§ **WHAT NEEDS TO BE DONE**: What lines in the entries hold the string "miterlimit"? List them.

*** ENTRIES SHOWN ***

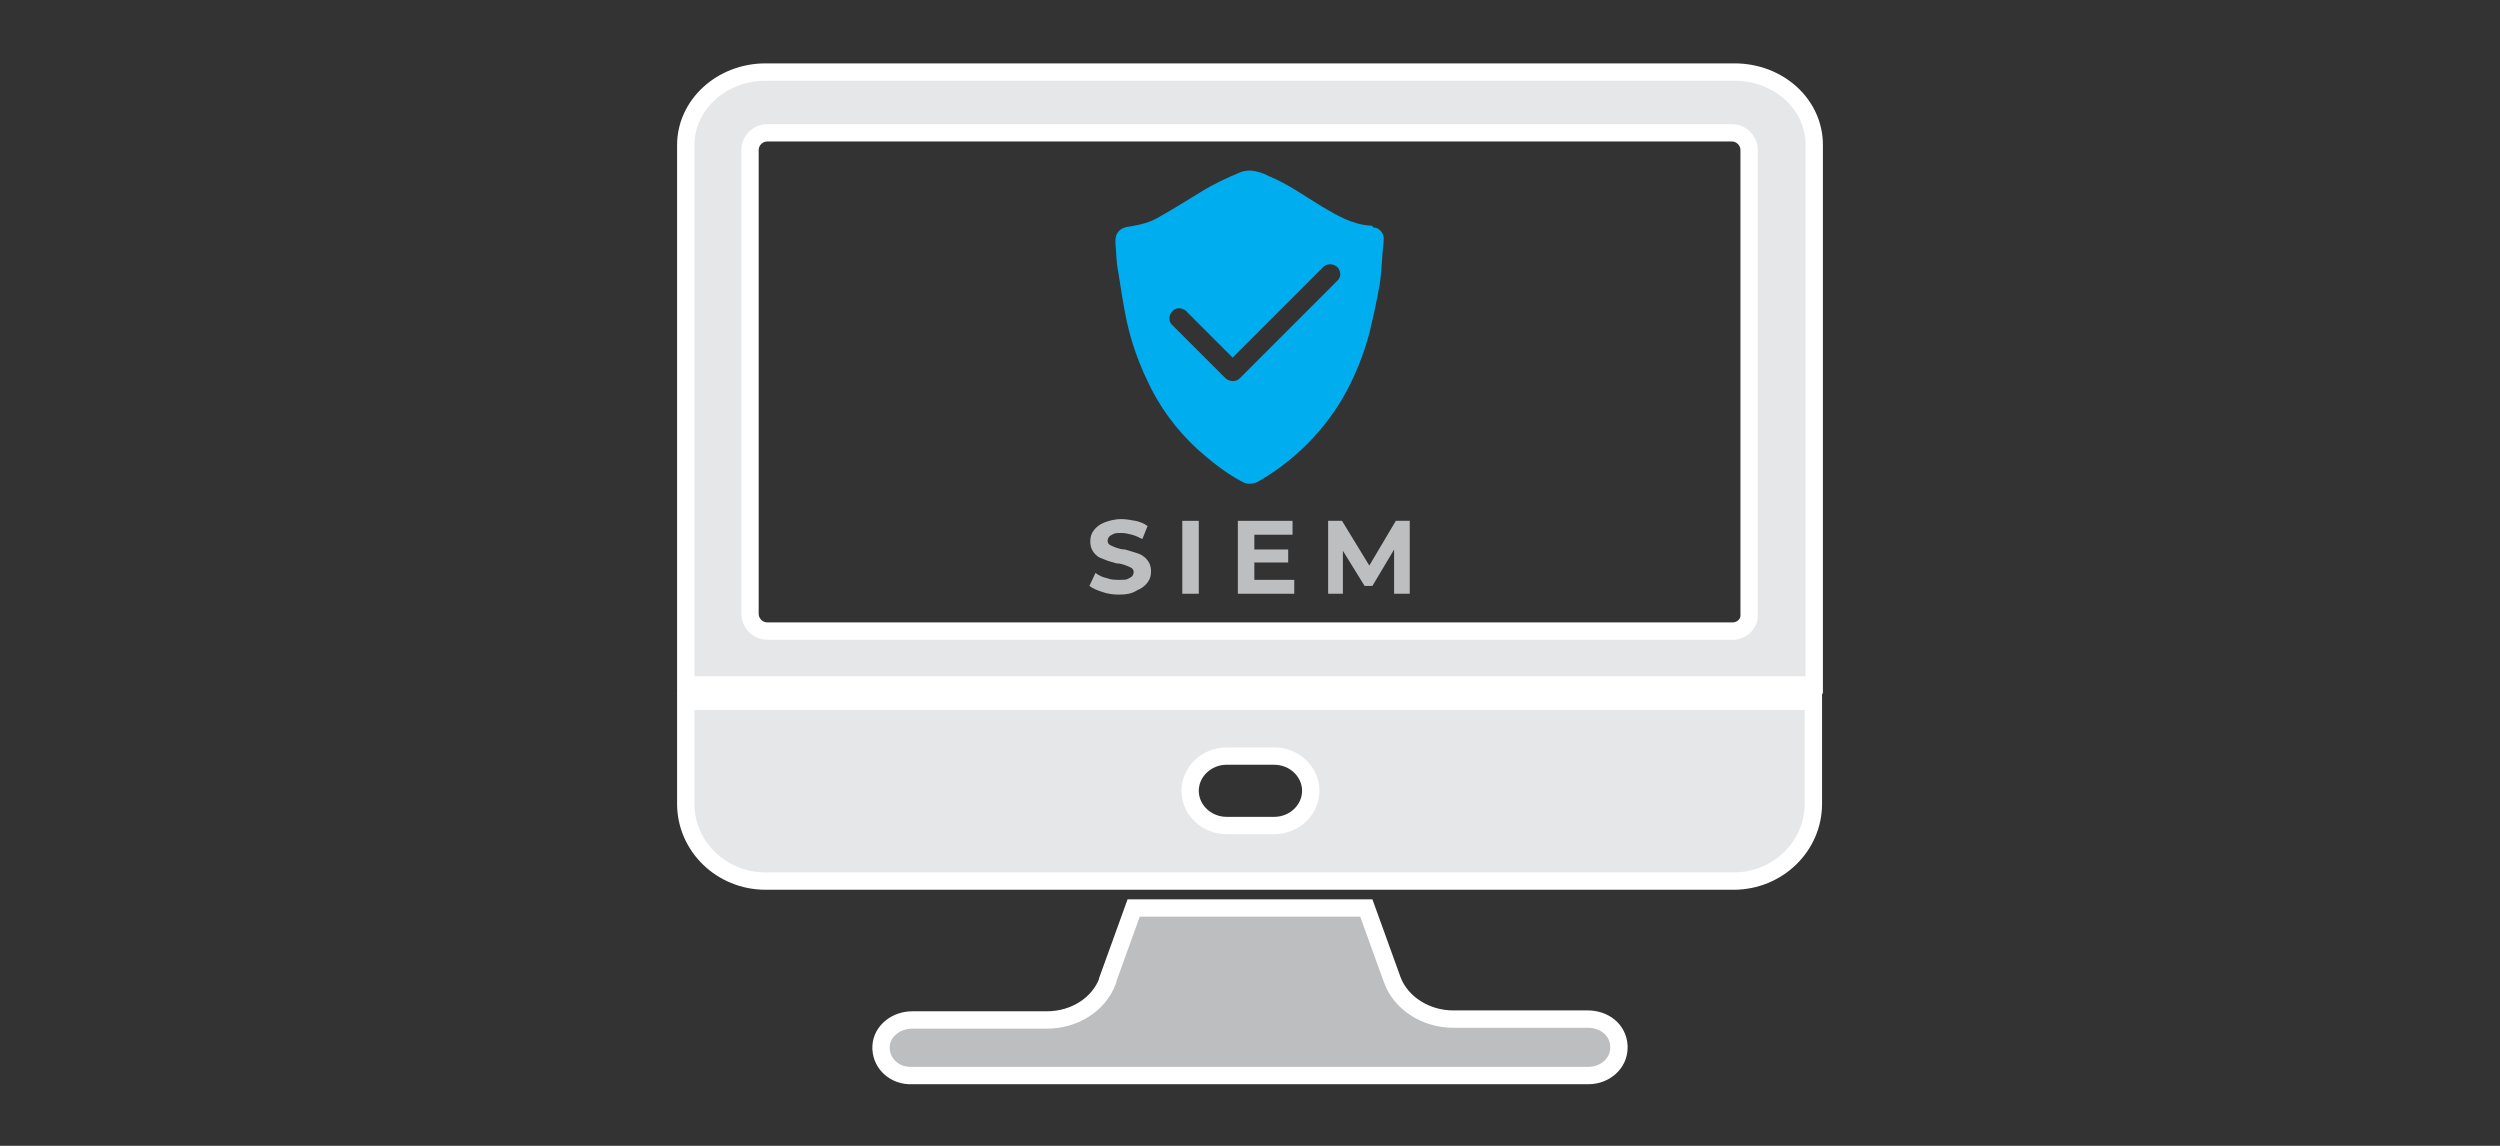 <?xml version="1.0" encoding="utf-8"?>
<!-- Generator: Adobe Illustrator 25.0.0, SVG Export Plug-In . SVG Version: 6.00 Build 0)  -->
<svg version="1.1" id="Layer_1" xmlns="http://www.w3.org/2000/svg" xmlns:xlink="http://www.w3.org/1999/xlink" x="0px" y="0px"
	 width="288px" height="132px" viewBox="0 0 288 132" style="enable-background:new 0 0 288 132;" xml:space="preserve">
<rect x="0" y="0" width="288" height="132" fill="#333333" stroke="none"/>
<style type="text/css">
	.st0{fill:#00AEEF;}
	.st1{fill:#BCBEC0;}
	.st2{fill:#E6E7E8;}
	.st3{fill:#BCBEC0;stroke:#FFFFFF;stroke-width:2;stroke-miterlimit:10;}
	.st4{fill:#E6E7E8;stroke:#FFFFFF;stroke-width:2;stroke-miterlimit:10;}
</style>
<rect x="108.9" y="-33.5" class="st0" width="17.9" height="17.9"/>
<rect x="135.1" y="-33.5" class="st1" width="17.9" height="17.9"/>
<rect x="161.2" y="-33.5" class="st2" width="17.9" height="17.9"/>
<g id="Layer_1_1_">
</g>
<g>
</g>
<g>
</g>
<g>
</g>
<g>
</g>
<g>
</g>
<g>
</g>
<g>
</g>
<g>
</g>
<g>
</g>
<g>
</g>
<g>
</g>
<g>
</g>
<g>
</g>
<g>
</g>
<g>
</g>
<g>
	<path class="st3" d="M182.9,117.4h-15.5c-3.1,0-6-1.8-7-4.5c0,0,0,0,0,0l-3-8.3h-26.8l-3,8.3l0,0.1c-1,2.7-3.8,4.5-7,4.5h-15.5
		c-1.9,0-3.5,1.3-3.6,3c-0.1,1.8,1.3,3.3,3.2,3.4h0.2H183c1.9,0,3.5-1.4,3.5-3.2c0-0.1,0-0.1,0-0.2
		C186.4,118.6,184.8,117.4,182.9,117.4L182.9,117.4z"/>
	<path class="st4" d="M199.8,8.3H88.2c-5.1,0-9.2,3.8-9.2,8.4v62.2h130V16.7C209,12,204.9,8.3,199.8,8.3z M199.6,72.7H88.4
		c-1.1,0-2-0.9-2-2V17.3c0-1.1,0.9-2,2-2h111.1c1.1,0,2,0.9,2,2v53.4C201.6,71.8,200.7,72.7,199.6,72.7z"/>
	<path class="st4" d="M79,92.6c0,4.9,4.1,8.9,9.2,8.9h111.5c5.1,0,9.2-4,9.2-8.9V80.8H79V92.6z M141.3,87.1h5.5c2.3,0,4.2,1.8,4.2,4
		c0,2.2-1.9,4-4.2,4h-5.5c-2.3,0-4.2-1.8-4.2-4S139,87.1,141.3,87.1L141.3,87.1z"/>
	<path class="st0" d="M158,26c-2.2-0.1-4-1.2-5.7-2.2c-2-1.2-3.9-2.6-6.1-3.5c-0.4-0.2-0.8-0.4-1.3-0.5c-0.6-0.2-1.3-0.2-1.9,0
		c-1.7,0.7-3.2,1.4-4.8,2.4c-1.5,0.9-2.9,1.8-4.5,2.7c-1.1,0.7-2.3,1-3.6,1.2c-1.1,0.1-1.7,0.8-1.6,1.9c0.1,1.1,0.1,2.2,0.3,3.2
		c0.3,1.9,0.6,3.9,1,5.8c0.5,2.3,1.3,4.6,2.3,6.7c1.4,3.1,3.4,5.8,5.9,8.1c1.6,1.4,3.2,2.7,5.1,3.7c0.5,0.3,1.2,0.3,1.8,0
		c4-2.3,7.3-5.5,9.7-9.5c1.4-2.4,2.5-5.1,3.2-7.8c0.4-1.7,0.8-3.5,1.1-5.2s0.3-3.6,0.5-5.3c0.1-0.8-0.5-1.5-1.2-1.5
		C158.1,26,158,26,158,26z M154.1,32.3l-11.3,11.3c-0.4,0.4-1.1,0.4-1.6,0l-6.1-6.1c-0.5-0.4-0.5-1.1-0.1-1.6s1.1-0.5,1.6-0.1
		c0.1,0,0.1,0.1,0.1,0.1l5.3,5.3l10.5-10.5c0.5-0.4,1.2-0.3,1.6,0.1C154.5,31.3,154.5,31.9,154.1,32.3z"/>
	<g>
		<path class="st1" d="M128.9,68.5c-0.7,0-1.3-0.1-1.9-0.3c-0.6-0.2-1.1-0.4-1.5-0.7l0.7-1.5c0.4,0.3,0.8,0.5,1.3,0.6
			c0.5,0.2,1,0.2,1.5,0.2c0.4,0,0.7,0,0.9-0.1c0.2-0.1,0.4-0.2,0.5-0.3c0.1-0.1,0.2-0.3,0.2-0.5c0-0.2-0.1-0.4-0.3-0.5
			c-0.2-0.1-0.4-0.2-0.7-0.3s-0.6-0.2-1-0.2c-0.3-0.1-0.7-0.2-1-0.3c-0.3-0.1-0.7-0.3-1-0.4c-0.3-0.2-0.5-0.4-0.7-0.7
			c-0.2-0.3-0.3-0.7-0.3-1.1c0-0.5,0.1-0.9,0.4-1.3c0.3-0.4,0.7-0.7,1.2-0.9c0.5-0.2,1.2-0.4,2-0.4c0.5,0,1,0.1,1.6,0.2
			c0.5,0.1,1,0.3,1.4,0.6l-0.6,1.5c-0.4-0.2-0.8-0.4-1.2-0.5c-0.4-0.1-0.8-0.2-1.2-0.2s-0.7,0-0.9,0.1c-0.2,0.1-0.4,0.2-0.5,0.3
			c-0.1,0.1-0.2,0.3-0.2,0.5c0,0.2,0.1,0.4,0.3,0.5s0.4,0.2,0.7,0.3c0.3,0.1,0.6,0.2,1,0.2c0.3,0.1,0.7,0.2,1,0.3
			c0.3,0.1,0.7,0.2,1,0.4c0.3,0.2,0.5,0.4,0.7,0.7c0.2,0.3,0.3,0.7,0.3,1.1c0,0.5-0.1,0.9-0.4,1.3c-0.3,0.4-0.7,0.7-1.2,0.9
			C130.4,68.4,129.7,68.5,128.9,68.5z"/>
		<path class="st1" d="M136.2,68.4V60h1.9v8.4H136.2z"/>
		<path class="st1" d="M144.5,66.8h4.6v1.6h-6.5V60h6.3v1.6h-4.4V66.8z M144.4,63.3h4v1.5h-4V63.3z"/>
		<path class="st1" d="M153,68.4V60h1.6l3.6,5.9h-0.9l3.5-5.9h1.6l0,8.4h-1.8l0-5.6h0.3l-2.8,4.7h-0.9l-2.9-4.7h0.4v5.6H153z"/>
	</g>
</g>
</svg>

*** End of ENTRIES SHOWN ***

§ **ANSWER AREA**:
	.st3{fill:#BCBEC0;stroke:#FFFFFF;stroke-width:2;stroke-miterlimit:10;}
	.st4{fill:#E6E7E8;stroke:#FFFFFF;stroke-width:2;stroke-miterlimit:10;}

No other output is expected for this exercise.